Многое было как у каждого человека, но поражала необыкновенная чистота его души, словно это была душа ребенка. Временами, слушая мои слова, он восклицал: "Конечно, так, верно, я так и думал". Выслушав исповедь, я спросил: "Максимилиан Александрович, Вы исповедовались, бремя греха снято, скажите, будете стараться не совершать вновь тех ошибок, в которых приносили покаяние?" – и он честно, как-то совсем по-детски, ответил: "Отец Арсений! Конечно, буду бороться сам с собой, но боюсь, что по своей природе слишком приземлен, и где-то и когда-то, в сложившихся ситуациях споткнусь, не совладаю с собой".

Смотря на Максимилиана Александровича, я понял всю чистоту его души и искренность ответа, отпустил его грехи и причастил.

С 1924 г. до самого моего первого ареста в 1927 г. Максимилиан Волошин приходил ко мне, когда приезжал в Москву, и наши отношения перешли в дружбу>45.

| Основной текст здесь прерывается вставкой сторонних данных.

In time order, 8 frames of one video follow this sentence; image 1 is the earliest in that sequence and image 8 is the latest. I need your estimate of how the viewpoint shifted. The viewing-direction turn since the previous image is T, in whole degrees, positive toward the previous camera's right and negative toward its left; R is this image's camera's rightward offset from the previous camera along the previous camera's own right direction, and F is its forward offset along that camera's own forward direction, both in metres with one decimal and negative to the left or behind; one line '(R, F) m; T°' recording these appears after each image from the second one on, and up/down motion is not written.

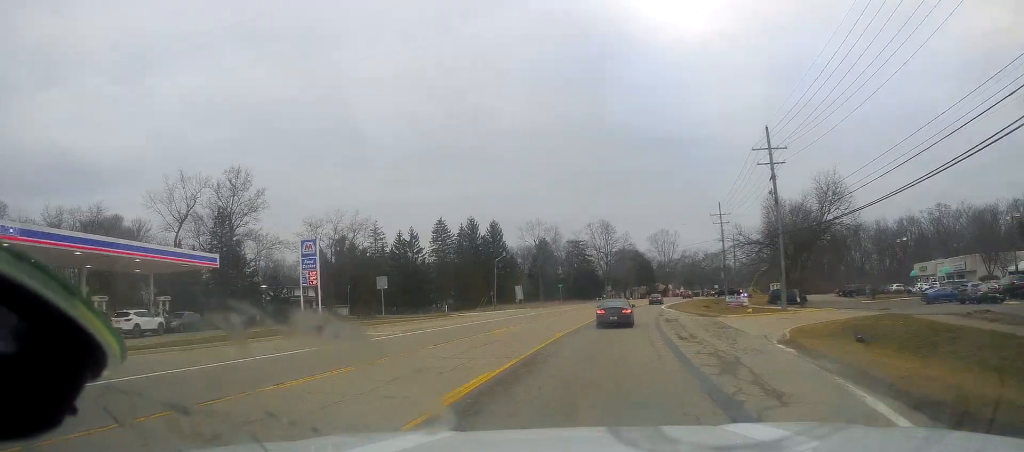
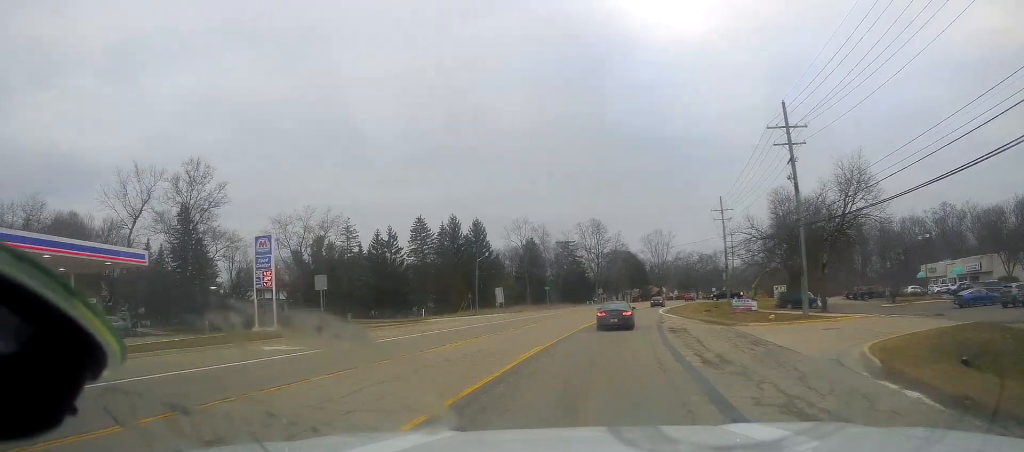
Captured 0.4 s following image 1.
(+0.1, +7.5) m; +1°
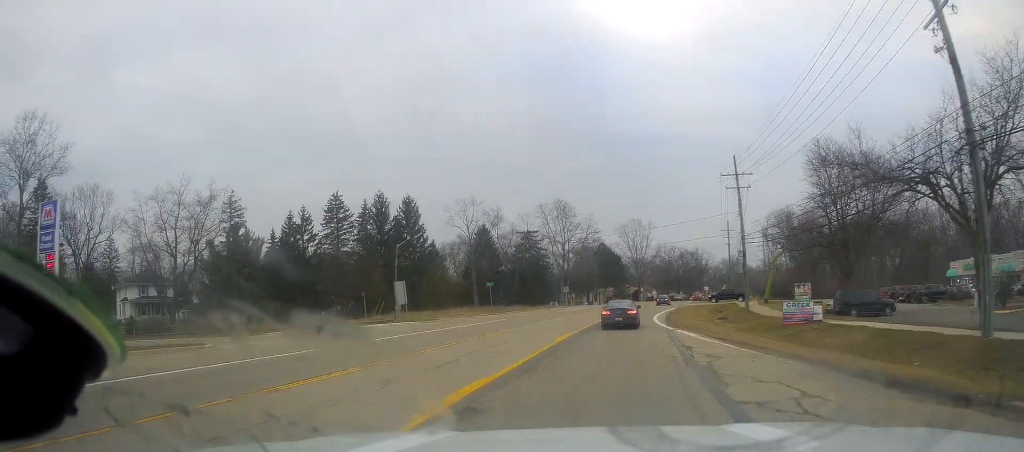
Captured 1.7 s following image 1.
(+0.6, +23.7) m; +3°
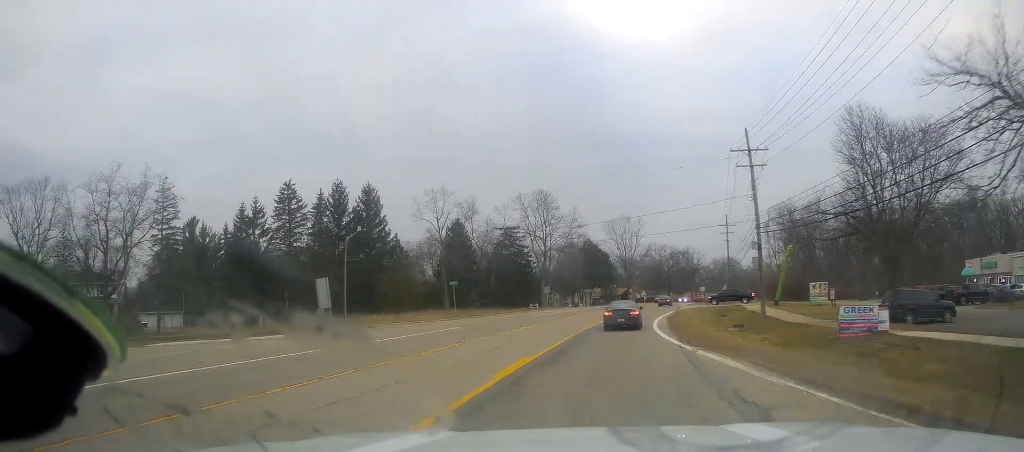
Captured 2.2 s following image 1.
(+0.1, +10.0) m; +1°
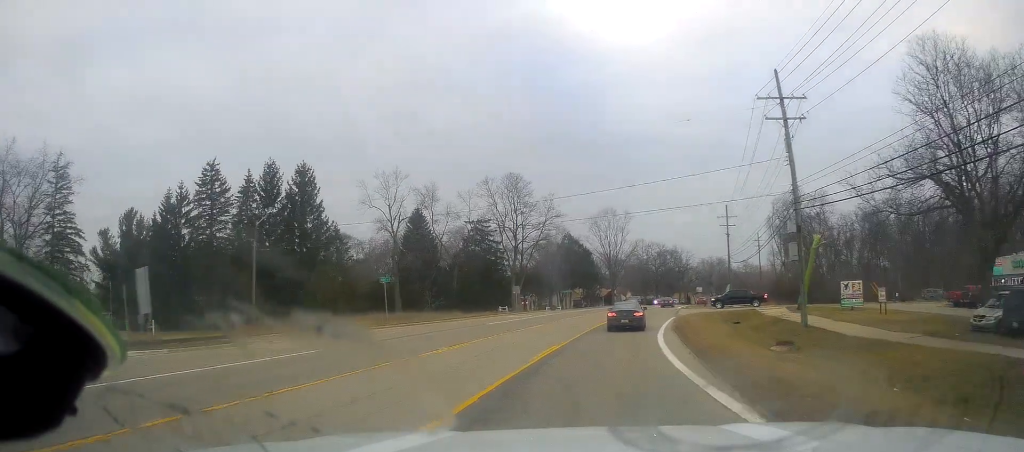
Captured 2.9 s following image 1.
(+0.1, +13.0) m; +2°
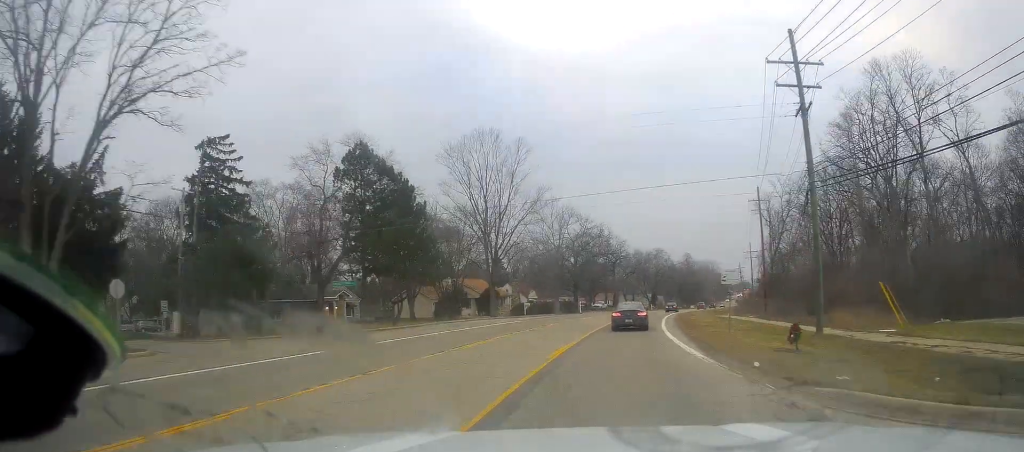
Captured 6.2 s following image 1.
(+5.2, +59.8) m; +9°
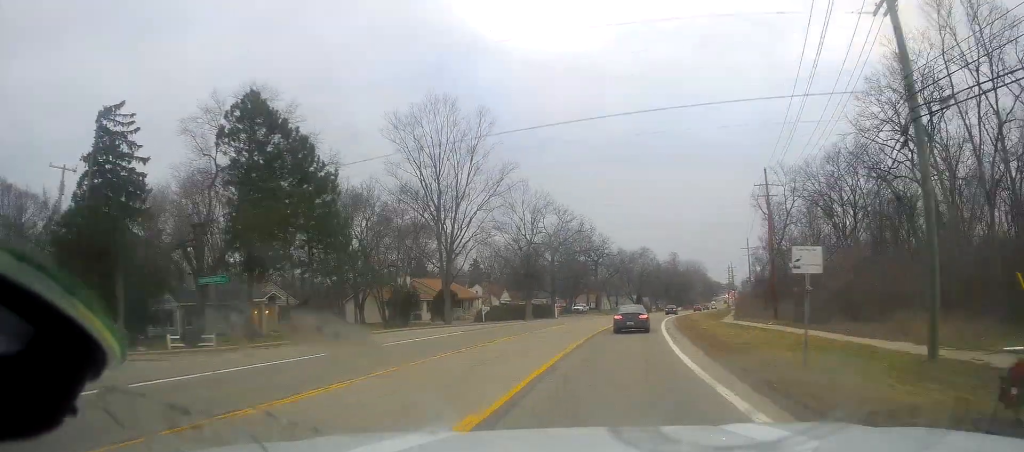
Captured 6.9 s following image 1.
(+0.6, +12.0) m; +2°
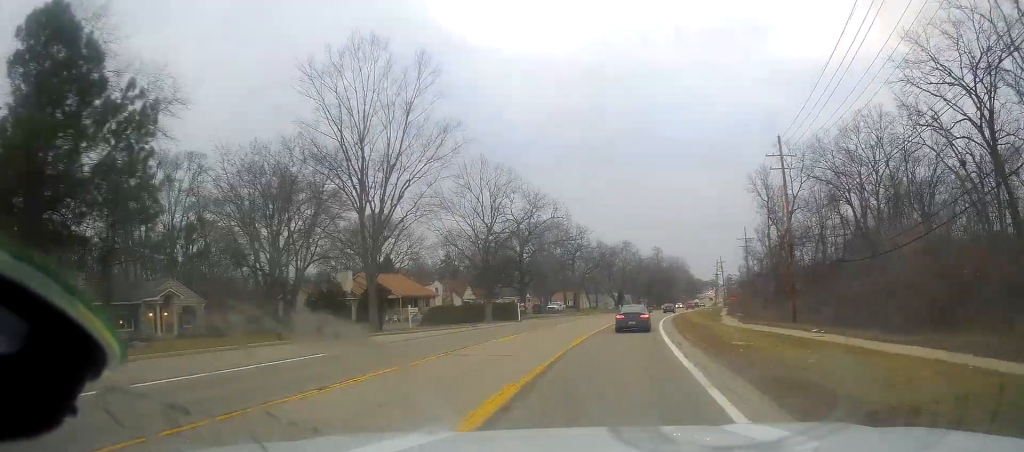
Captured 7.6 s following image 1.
(+0.2, +13.2) m; +2°

Разумеется, подобное свидетельство, будучи документально достоверным, снимало бы все вопросы. Однако сами издатели сборника предупреждают о некоей «литературной обработке» вошедших в него материалов, равно как и о том, что «подлинность описываемых событий» – «отчасти скрыта именными именами и названиями»>46. Между тем, не вызывающее никаких сомнений автобиографическое признание самого Волошина, относящееся или к тому же 1924 году, или к началу 1925-го, существенно осложняет восприятие вышеприведенной картины горячей исповеди поэта православному духовнику и «церковного» отпущения грехов:

Я язычник по плоти и верю в реальное существование всех языческих богов и демонов – и, в то же время, не могу его мыслить вне Христа.

Как бы ни интерпретировать подобное откровение, для православного восприятия в нем есть нечто «невместимое». Неслучайно потому, о. Сергей Карамышев на сайте «Русской народной линии» опубликовал к 135-летию со для рождения поэта статью (имевшую большой резонанс в русском интернете), где призывал… анафемствовать Волошина, имеющего ныне «воздействие почти религиозное на многих творческих людей» – «дабы прекратить соблазн его творчества среди верных чад Русской Православной Церкви» («Это будет, несомненно, проявлением любви по отношению к самому поэту, ибо чем меньше соблазна станет производить его осужденное Церковью творчество, тем меньше он будет истязуем на поистине Страшном Суде Божием»)>47.

Понятно, что подобный призыв о. Сергея можно расценить лишь как риторическую гиперболу, хотя бы потому, что никаких собственно «литературных» отлучений до сего момента тысячелетняя история русского Православия не знала и создавать подобный сомнительный прецедент нет никакой нужды>48. Но нельзя и игнорировать тот очевидный факт, что в сформировавшейся после 1917 года творческой позиции Волошина, действительно, имеется – если посмотреть на нее под православным углом зрения – некий «еретический» изъян, восходящий к нарушению общехристианского запрета на «идолотворчество» («Не делай себе кумира и никакого изображения того, что на небе вверху, и что на земле внизу, и что в воде ниже земли; не поклоняйся им и не служи им…» [Исх. 20: 4–5]). Между тем, в творчестве позднего Волошина образ и идея России стали именно «кумиром» – к этой теме, так или иначе, сводились все его художественные усилия, ей была подчинена вся остальная тематика его тематического репертуара этих лет. Не стала исключением и «тема Православия», что, естественно, радикально сместило духовные акценты в волошинских произведениях. Высшей ценностью тут оказывается Россия, а Православие – лишь одним из ее атрибутов, важных для Волошина, прежде всего, как «ключ» к постижению исторической нравственной и культурной «русской идеи».